Chapter in this post:
I had the app a few days ago wombo dream picked because it enables works of art to be created using artificial intelligence. You can find out how to use the app here in the article on Wombo AI read. In the current blog post, however, I would like to go into how the technology behind this app works.
VQGAN + CLIP – Algorithms for machine learning in interaction
Wombo Dream's app - like many other apps that create generative art - is basically based on two artificial neural networks that work together to create the images. The names of these two networks are VQGAN and CLIP.
VQGAN is a neural network used to generate images that look similar to other images. CLIP, on the other hand, is a neural network trained to determine how well a text description fits an image.
CLIP provides feedback to VQGAN on how best to match the image to the text prompt. VQGAN adjusts the image accordingly and passes it back to CLIP to check how well it fits the text. This process is repeated a few hundred times, resulting in the ki-generated images.
Both algorithms were developed by Ryan Murdock and Catherine Crowson combined who are enthusiastic about ki-generated art.
I would like to use an example to show how the procedure works. The text input for the following project was "nether portal rendered in Cinema 4D". A total of 250 iterations were run and I saved a screenshot every 50 runs. Here the result:
You could also run more iterations, but for small resolutions, 250 is a good value. In practice, numbers between 500 and 700 have proven to be helpful, since more iterations also mean more computing time, but ultimately only a few details are calculated that are hardly visible.
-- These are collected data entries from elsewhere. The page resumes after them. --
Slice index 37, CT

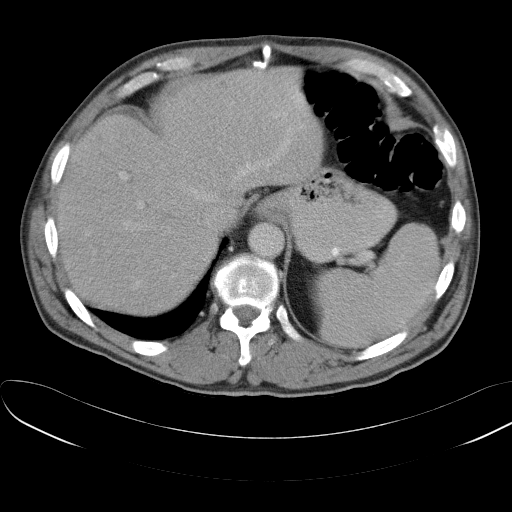 The spleen is at [x1=316, y1=224, x2=439, y2=347].
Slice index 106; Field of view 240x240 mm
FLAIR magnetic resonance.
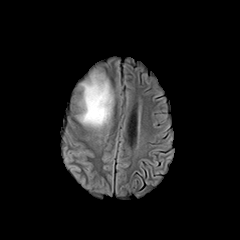
T1-weighted MRI.
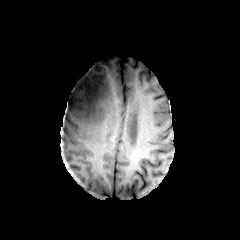
Post-contrast T1-weighted magnetic resonance.
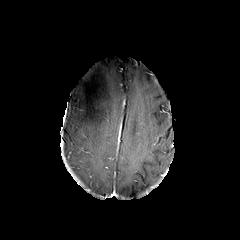
T2-weighted magnetic resonance.
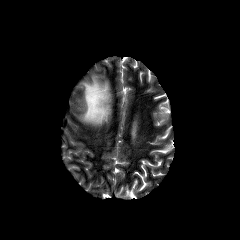
{
  "edema": [
    "(77, 73, 113, 131)"
  ]
}
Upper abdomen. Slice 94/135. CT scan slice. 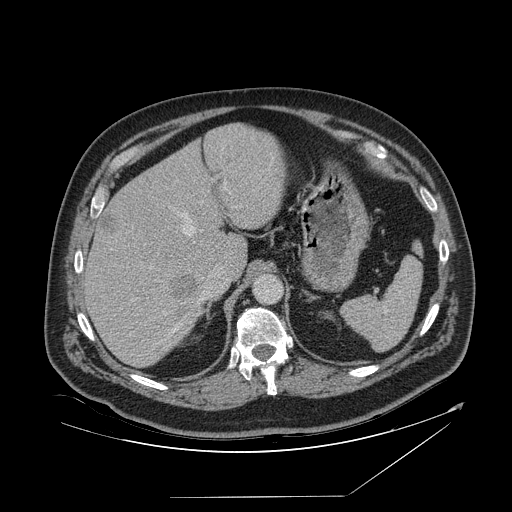 The spleen appears at <box>342,242,422,350</box>.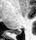

MRI; Medial temporal lobe
Posterior hippocampus: 11, 30, 21, 34.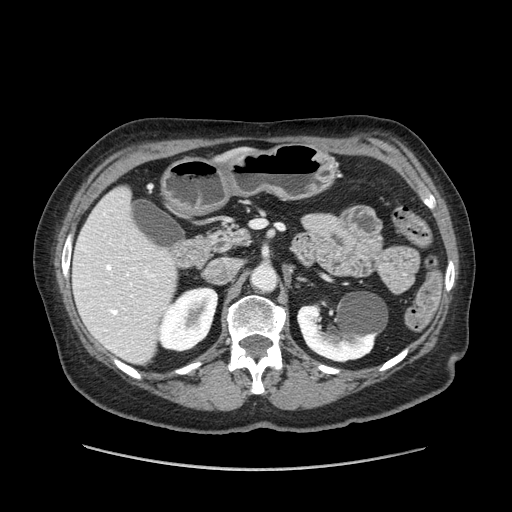 CT slice. 512x512.
The pancreas is at <bbox>210, 228, 250, 253</bbox>.

There are some people who run up to 2000 iterations, but I think that's more of a special case, rather overkill for amateur artists like me.
Create AI art without programming skills
The Wombo Dream App now offers the possibility to use this combination of the two algorithms VQGAN and CLIP without having any programming knowledge. The text input and the selection of the style are passed on to the programming and the AI then creates the corresponding image.
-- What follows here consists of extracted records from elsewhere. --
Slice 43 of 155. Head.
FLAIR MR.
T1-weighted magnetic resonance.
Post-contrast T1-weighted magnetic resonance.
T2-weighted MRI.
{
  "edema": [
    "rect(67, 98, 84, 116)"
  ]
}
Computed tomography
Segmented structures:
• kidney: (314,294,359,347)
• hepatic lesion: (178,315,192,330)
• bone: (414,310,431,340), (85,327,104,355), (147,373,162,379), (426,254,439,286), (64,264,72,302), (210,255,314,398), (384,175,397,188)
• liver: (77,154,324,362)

In addition to Wombo Dream, there are other apps and options for creating art with AI and the VQGAN and CLIP networks. I have created a small (certainly incomplete) list for you here:
My tip: Google Colab Pro
My current choice for generating AI-based art via text input is the Google Colab Notebook. It is basically free and you can still quickly understand how it works. If you don't spend 10 euros a month in Google Colab Pro invested, it also creates the images 6x faster than in the free model.
Speed is important, especially at the beginning, because as a newcomer you don't want to wait forever for an image to be generated. And a quick generation of the finished "work of art" ultimately also helps to experiment with the settings and instructions for the AI.
Related Articles
Jens has been running the blog since 2012. He appears as Sir Apfelot for his readers and helps them with problems of a technical nature. In his free time he drives electric unicycles, takes photos (preferably with his iPhone, of course), climbs around in the Hessian mountains or hikes with the family. His articles deal with Apple products, news from the world of drones or solutions for current bugs.
Wow, that's awsome Sir Apfelot, thank you.